• **MATERIAL PROVIDED**
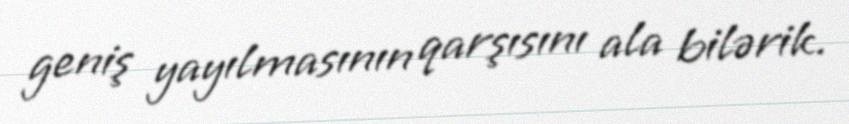
geniş yayılmasının qarşısını ala bilərik.
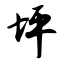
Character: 坪
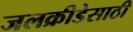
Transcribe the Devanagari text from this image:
जलक्रीडेसाठी
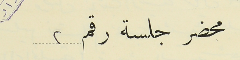
محضر جلسة رقم 2
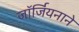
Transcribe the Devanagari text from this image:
जॉर्जियनाने
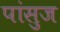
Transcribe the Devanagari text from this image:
पांसुज
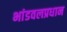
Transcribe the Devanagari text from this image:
भांडवलप्रधान
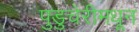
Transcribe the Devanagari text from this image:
पुडुचेरीमधून
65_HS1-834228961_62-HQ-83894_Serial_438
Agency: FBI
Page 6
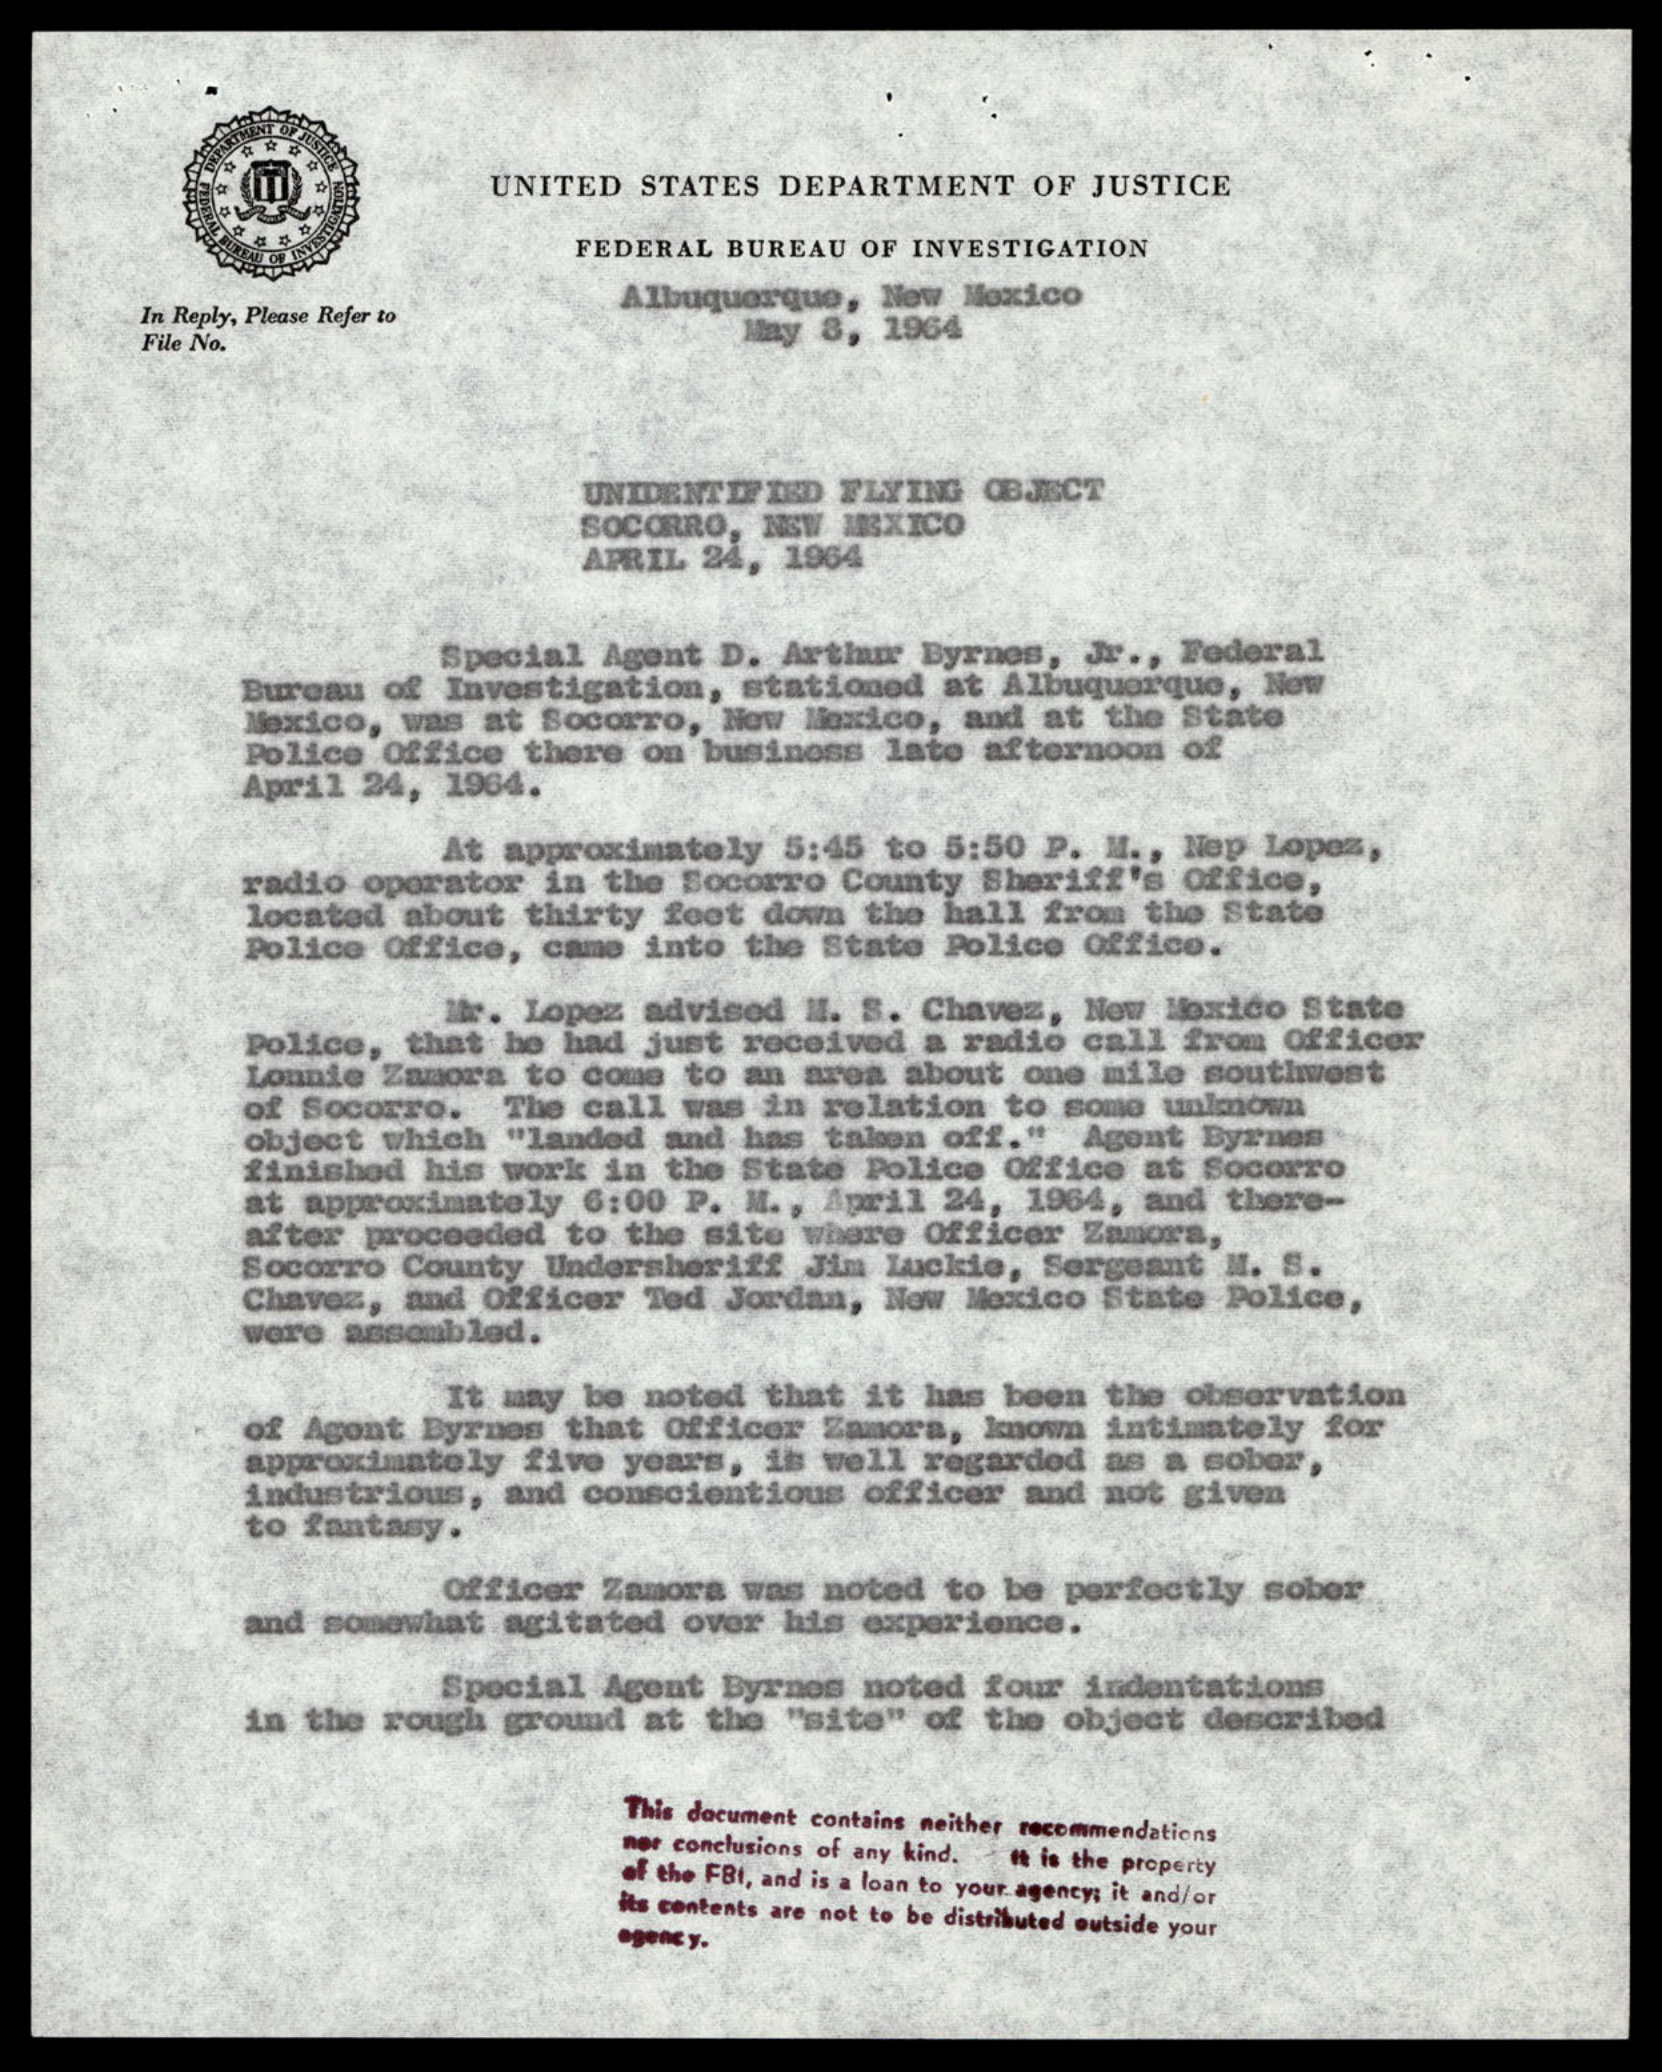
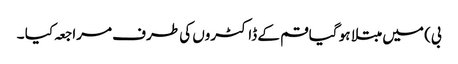
بی) میں مبتلا ہو گیا قم کے ڈاکٹروں کی طرف مراجعہ کیا ۔

• **EXERCISE DIRECTIONS**
What is needed is an exact transcription of the lines from the one holding "Character: 坪" to the end of the data, with every picture left out.

• **SOLUTION FOR THIS TASK**
Character: 坪
Transcribe the Devanagari text from this image:
जलक्रीडेसाठी
محضر جلسة رقم 2
Transcribe the Devanagari text from this image:
जॉर्जियनाने
Transcribe the Devanagari text from this image:
पांसुज
Transcribe the Devanagari text from this image:
भांडवलप्रधान
Transcribe the Devanagari text from this image:
पुडुचेरीमधून
65_HS1-834228961_62-HQ-83894_Serial_438
Agency: FBI
Page 6
بی) میں مبتلا ہو گیا قم کے ڈاکٹروں کی طرف مراجعہ کیا ۔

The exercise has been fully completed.